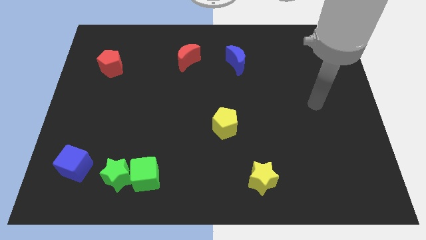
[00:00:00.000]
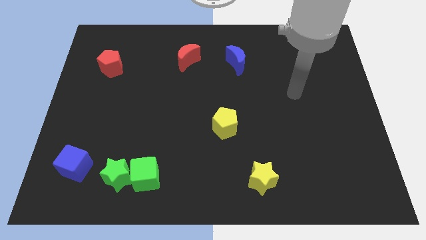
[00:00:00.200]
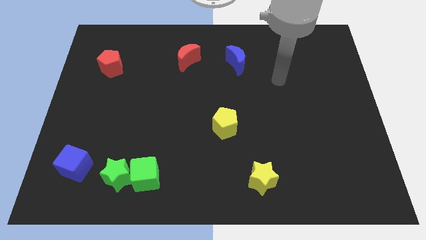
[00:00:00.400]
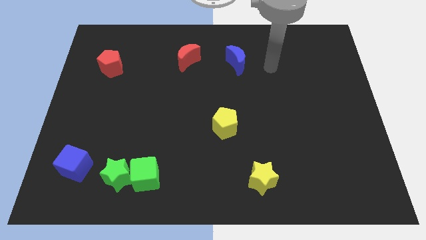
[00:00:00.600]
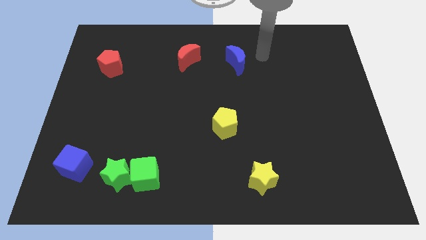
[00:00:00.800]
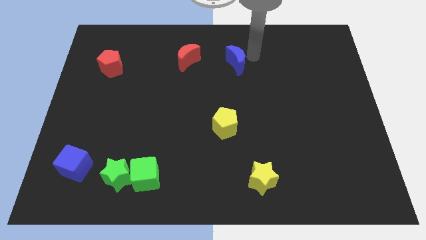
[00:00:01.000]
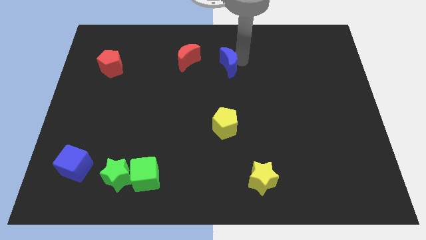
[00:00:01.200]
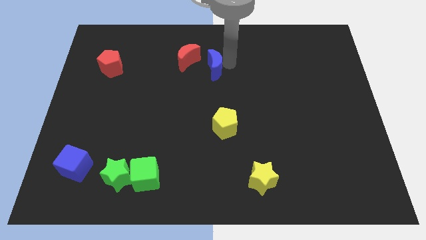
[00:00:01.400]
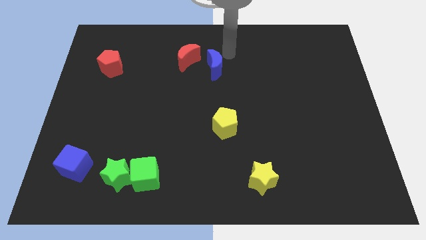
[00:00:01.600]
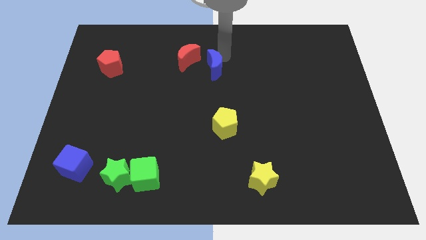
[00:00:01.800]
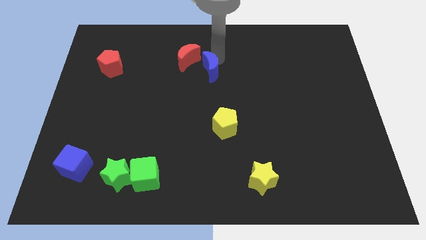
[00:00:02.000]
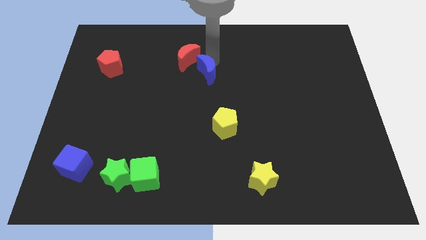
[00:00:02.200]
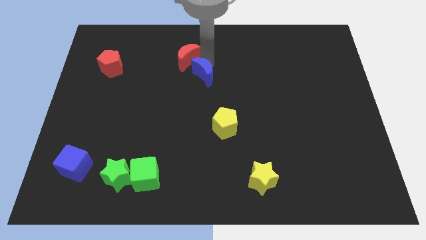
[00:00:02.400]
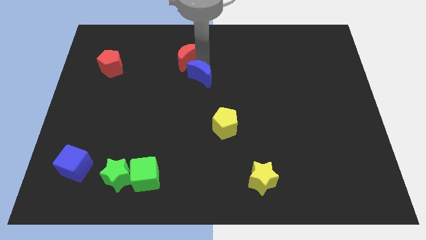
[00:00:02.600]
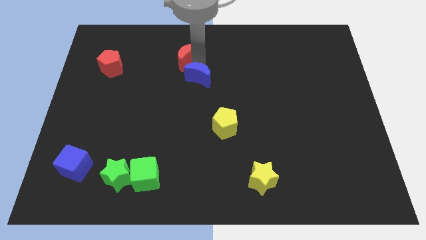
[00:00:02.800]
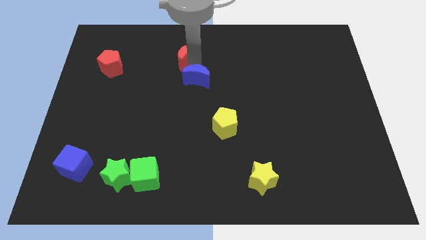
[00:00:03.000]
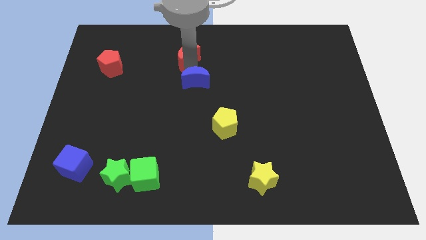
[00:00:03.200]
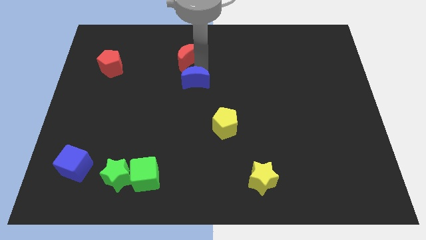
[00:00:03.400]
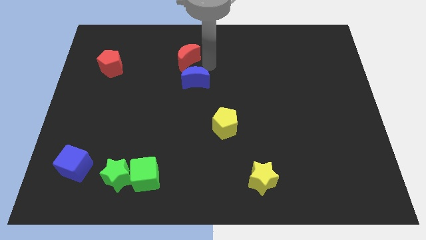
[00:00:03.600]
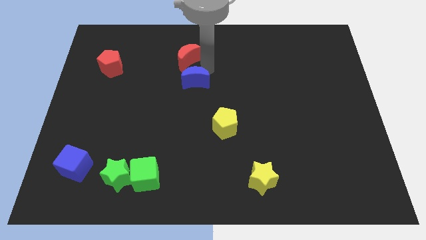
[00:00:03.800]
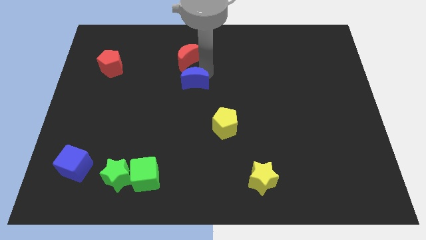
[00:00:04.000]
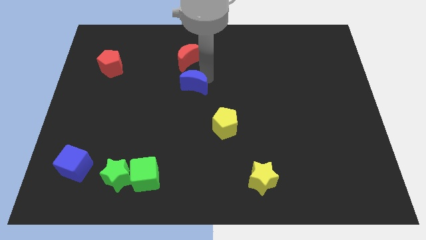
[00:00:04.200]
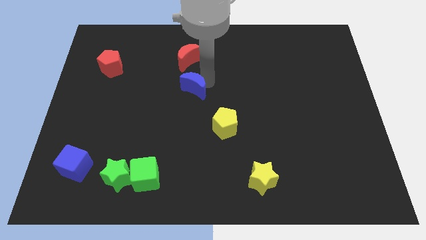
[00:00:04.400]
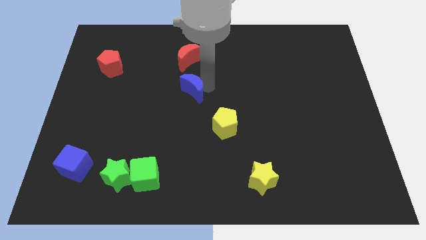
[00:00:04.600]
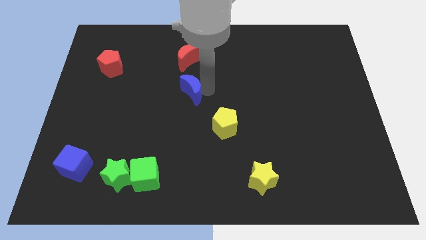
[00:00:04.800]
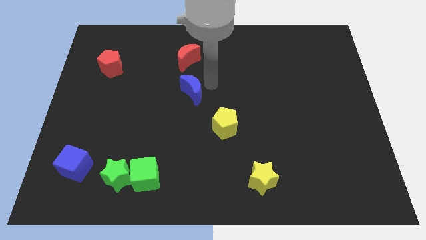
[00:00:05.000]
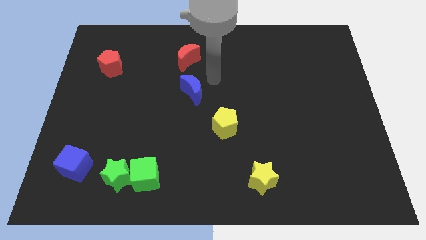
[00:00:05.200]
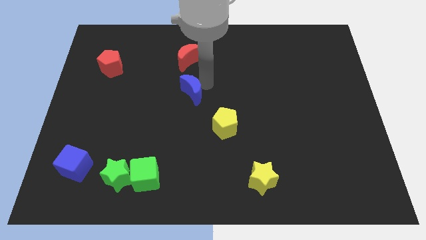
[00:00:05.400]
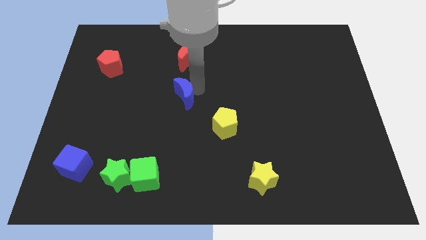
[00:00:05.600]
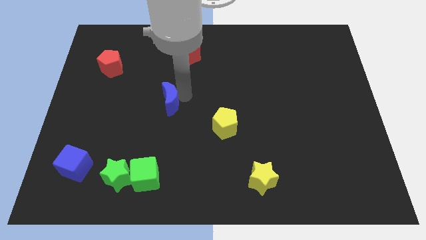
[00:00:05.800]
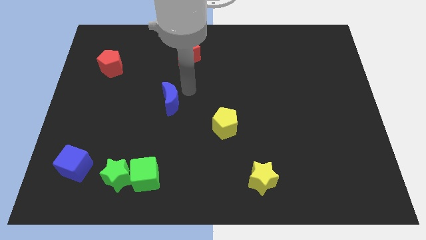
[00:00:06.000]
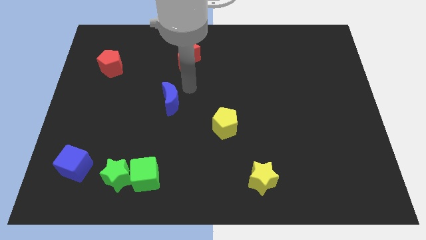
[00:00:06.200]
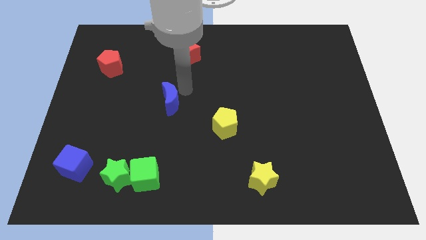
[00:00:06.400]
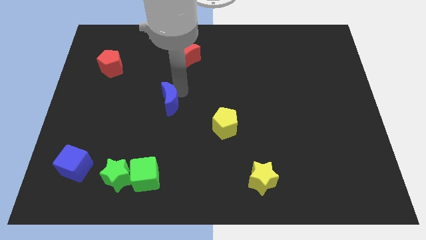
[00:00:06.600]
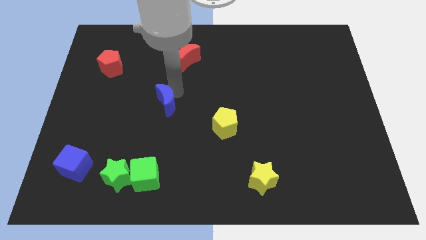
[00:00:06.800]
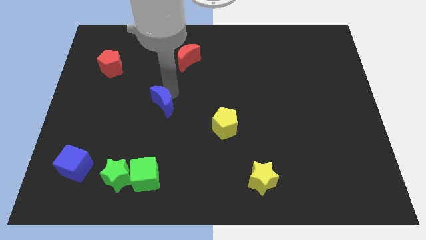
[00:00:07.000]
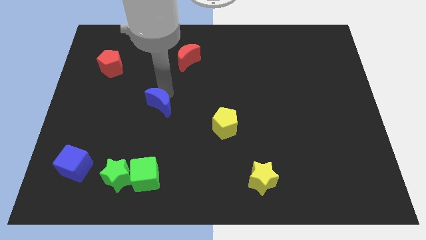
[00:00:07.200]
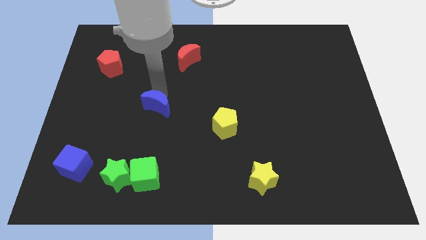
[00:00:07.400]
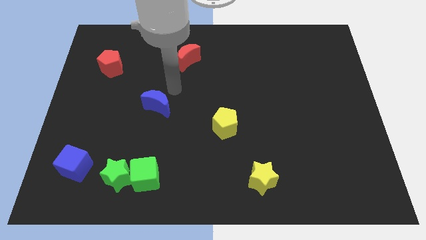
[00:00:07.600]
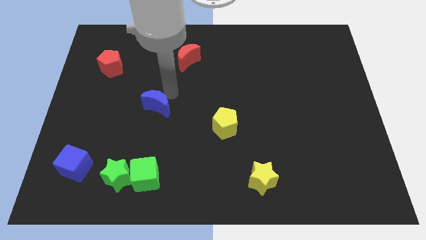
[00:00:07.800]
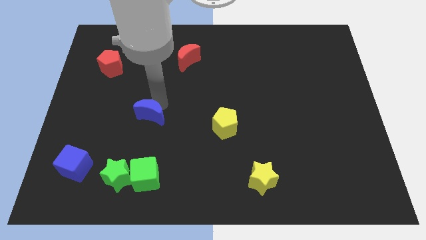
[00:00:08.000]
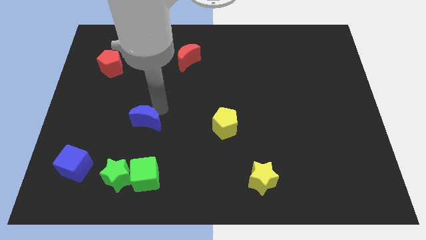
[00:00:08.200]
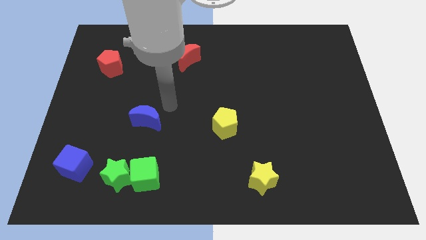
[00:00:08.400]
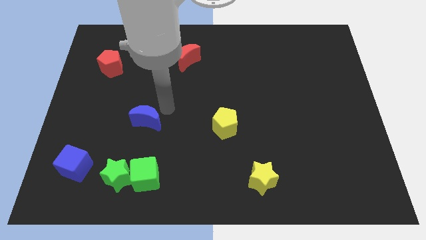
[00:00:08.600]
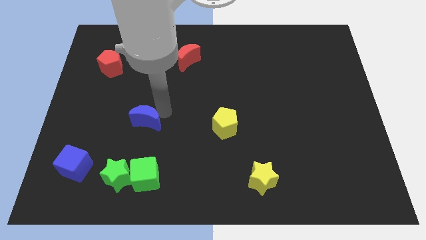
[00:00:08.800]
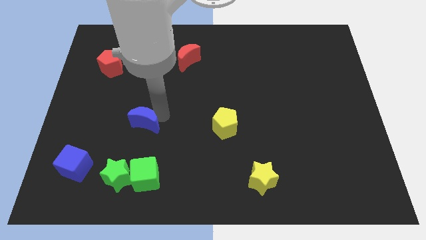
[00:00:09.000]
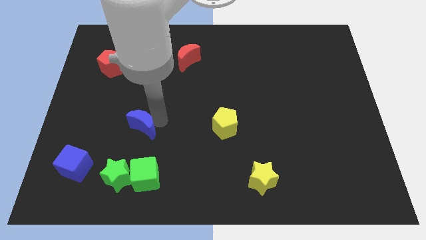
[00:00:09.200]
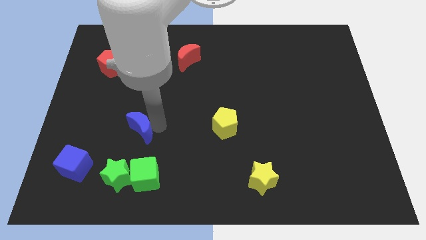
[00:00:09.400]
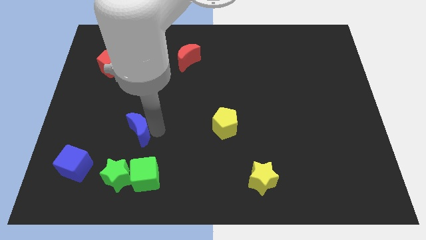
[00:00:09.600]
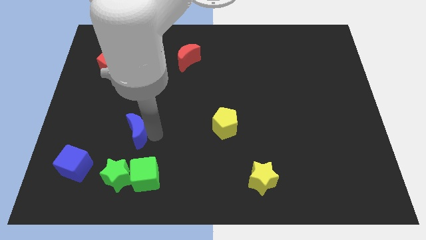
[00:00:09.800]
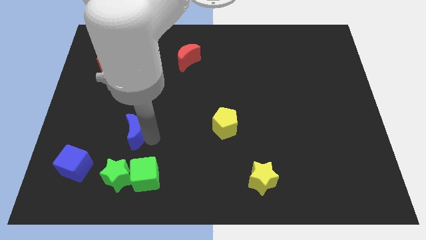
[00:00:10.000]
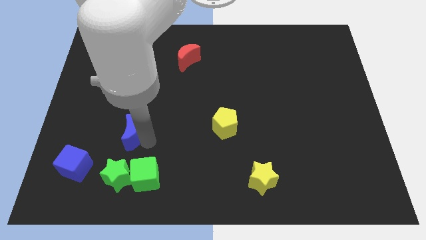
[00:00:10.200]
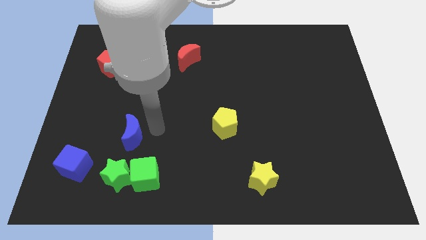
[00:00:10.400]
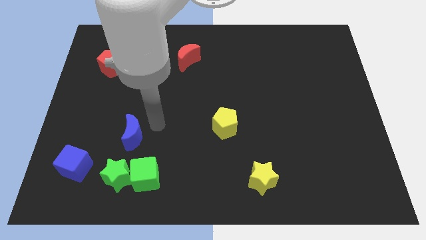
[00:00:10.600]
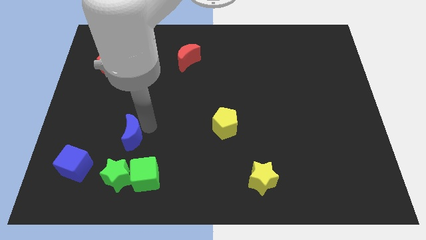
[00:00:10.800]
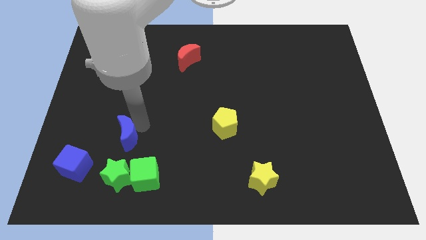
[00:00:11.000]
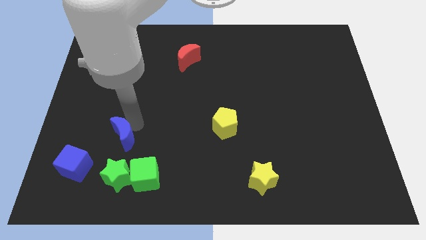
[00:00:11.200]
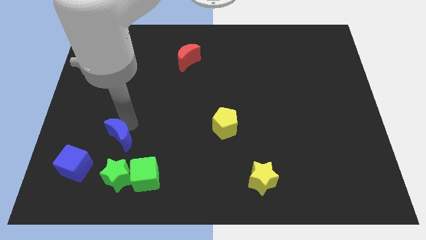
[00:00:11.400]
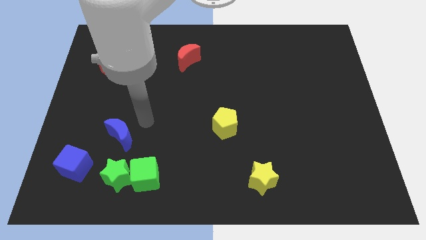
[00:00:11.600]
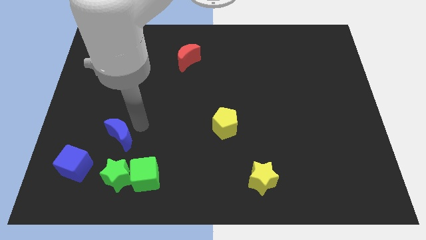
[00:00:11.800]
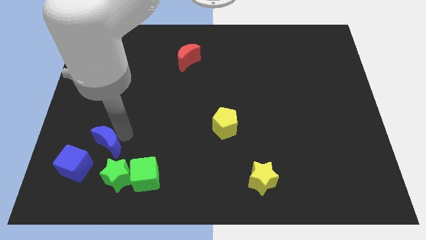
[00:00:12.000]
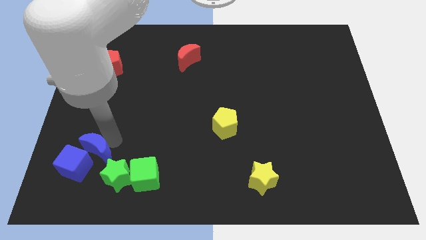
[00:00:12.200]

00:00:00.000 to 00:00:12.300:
slide the blue moon next to the blue cube
================
→ **BRIEF**: Print the entries above exactly, leaving pictures out.

→ **REPLY TO THE TASK**:
[00:00:00.000]
[00:00:00.200]
[00:00:00.400]
[00:00:00.600]
[00:00:00.800]
[00:00:01.000]
[00:00:01.200]
[00:00:01.400]
[00:00:01.600]
[00:00:01.800]
[00:00:02.000]
[00:00:02.200]
[00:00:02.400]
[00:00:02.600]
[00:00:02.800]
[00:00:03.000]
[00:00:03.200]
[00:00:03.400]
[00:00:03.600]
[00:00:03.800]
[00:00:04.000]
[00:00:04.200]
[00:00:04.400]
[00:00:04.600]
[00:00:04.800]
[00:00:05.000]
[00:00:05.200]
[00:00:05.400]
[00:00:05.600]
[00:00:05.800]
[00:00:06.000]
[00:00:06.200]
[00:00:06.400]
[00:00:06.600]
[00:00:06.800]
[00:00:07.000]
[00:00:07.200]
[00:00:07.400]
[00:00:07.600]
[00:00:07.800]
[00:00:08.000]
[00:00:08.200]
[00:00:08.400]
[00:00:08.600]
[00:00:08.800]
[00:00:09.000]
[00:00:09.200]
[00:00:09.400]
[00:00:09.600]
[00:00:09.800]
[00:00:10.000]
[00:00:10.200]
[00:00:10.400]
[00:00:10.600]
[00:00:10.800]
[00:00:11.000]
[00:00:11.200]
[00:00:11.400]
[00:00:11.600]
[00:00:11.800]
[00:00:12.000]
[00:00:12.200]

00:00:00.000 to 00:00:12.300:
slide the blue moon next to the blue cube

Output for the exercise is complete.